Records from a data collection:
--*--
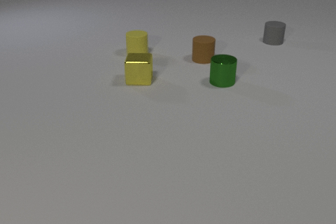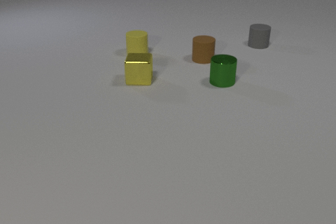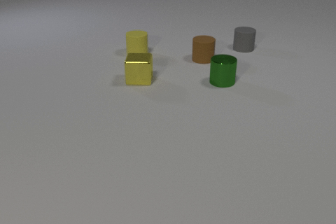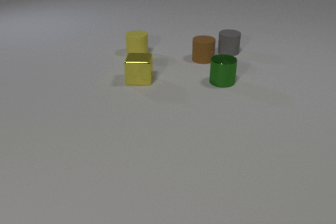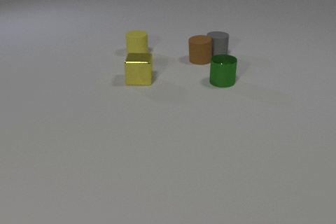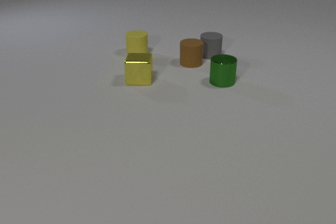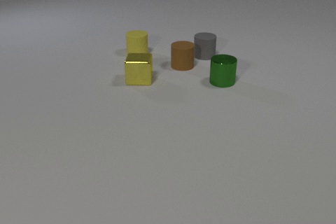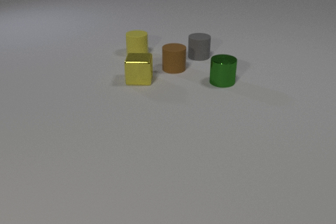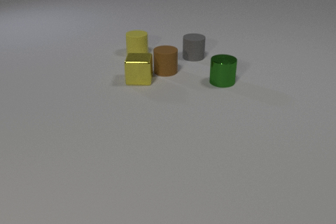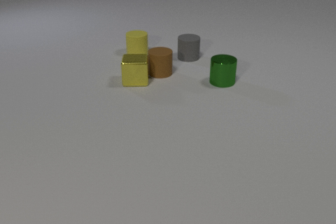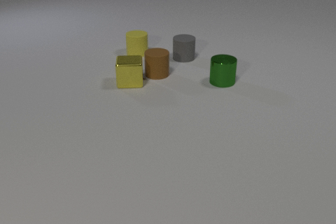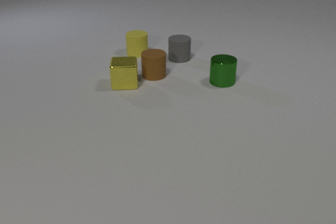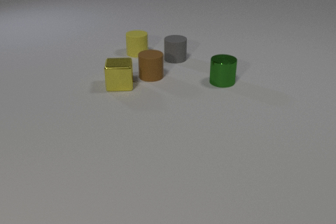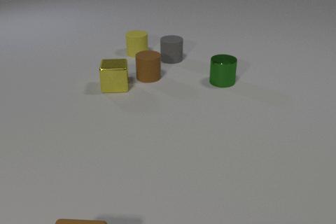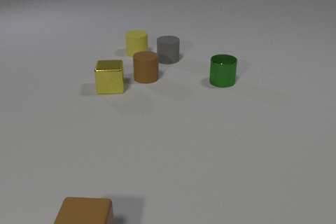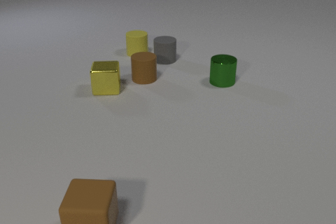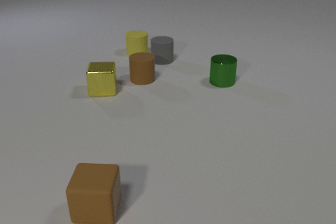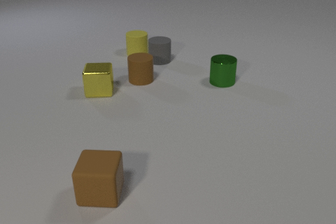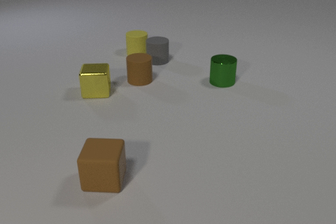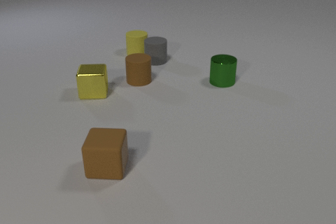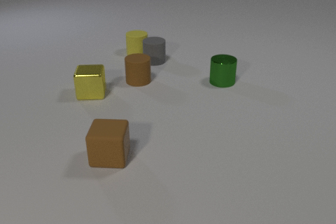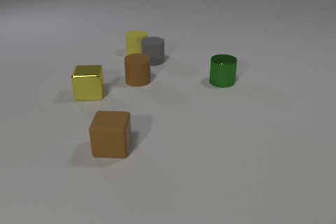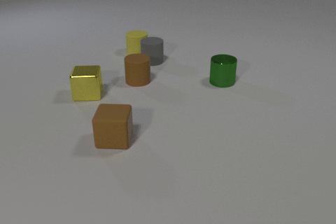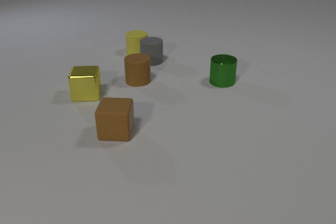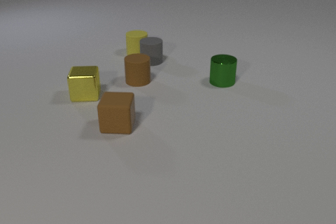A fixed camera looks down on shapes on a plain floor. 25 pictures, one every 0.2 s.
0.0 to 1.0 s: The gray rubber cylinder slides to the left and toward the camera. The brown rubber cylinder slides to the left and toward the camera. The gray rubber cylinder and the brown rubber cylinder collide.
1.0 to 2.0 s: The gray rubber cylinder slides to the left. The brown rubber cylinder slides to the left and toward the camera. The yellow metal cube slides to the left and toward the camera. The brown rubber cylinder and the yellow metal cube collide.
2.0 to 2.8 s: The gray rubber cylinder slides to the left. The brown rubber cylinder slides to the left and toward the camera. The yellow metal cube slides to the left and toward the camera. The brown rubber cube comes in at the bottom edge, slides away from the camera.
2.8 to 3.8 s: The gray rubber cylinder slides to the left. The brown rubber cylinder slides to the left and toward the camera. The yellow metal cube slides to the left and toward the camera. The brown rubber cube slides away from the camera.
3.8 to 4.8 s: The yellow metal cube slides to the left. The brown rubber cube slides away from the camera.
What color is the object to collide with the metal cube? brown.
What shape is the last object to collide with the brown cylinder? cube.
How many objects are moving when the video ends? 2.
--*--
▶ **What to do**
All records should be output exactly, with the pictures left out.

▶ **Worked solution**
A fixed camera looks down on shapes on a plain floor. 25 pictures, one every 0.2 s.
0.0 to 1.0 s: The gray rubber cylinder slides to the left and toward the camera. The brown rubber cylinder slides to the left and toward the camera. The gray rubber cylinder and the brown rubber cylinder collide.
1.0 to 2.0 s: The gray rubber cylinder slides to the left. The brown rubber cylinder slides to the left and toward the camera. The yellow metal cube slides to the left and toward the camera. The brown rubber cylinder and the yellow metal cube collide.
2.0 to 2.8 s: The gray rubber cylinder slides to the left. The brown rubber cylinder slides to the left and toward the camera. The yellow metal cube slides to the left and toward the camera. The brown rubber cube comes in at the bottom edge, slides away from the camera.
2.8 to 3.8 s: The gray rubber cylinder slides to the left. The brown rubber cylinder slides to the left and toward the camera. The yellow metal cube slides to the left and toward the camera. The brown rubber cube slides away from the camera.
3.8 to 4.8 s: The yellow metal cube slides to the left. The brown rubber cube slides away from the camera.
What color is the object to collide with the metal cube? brown.
What shape is the last object to collide with the brown cylinder? cube.
How many objects are moving when the video ends? 2.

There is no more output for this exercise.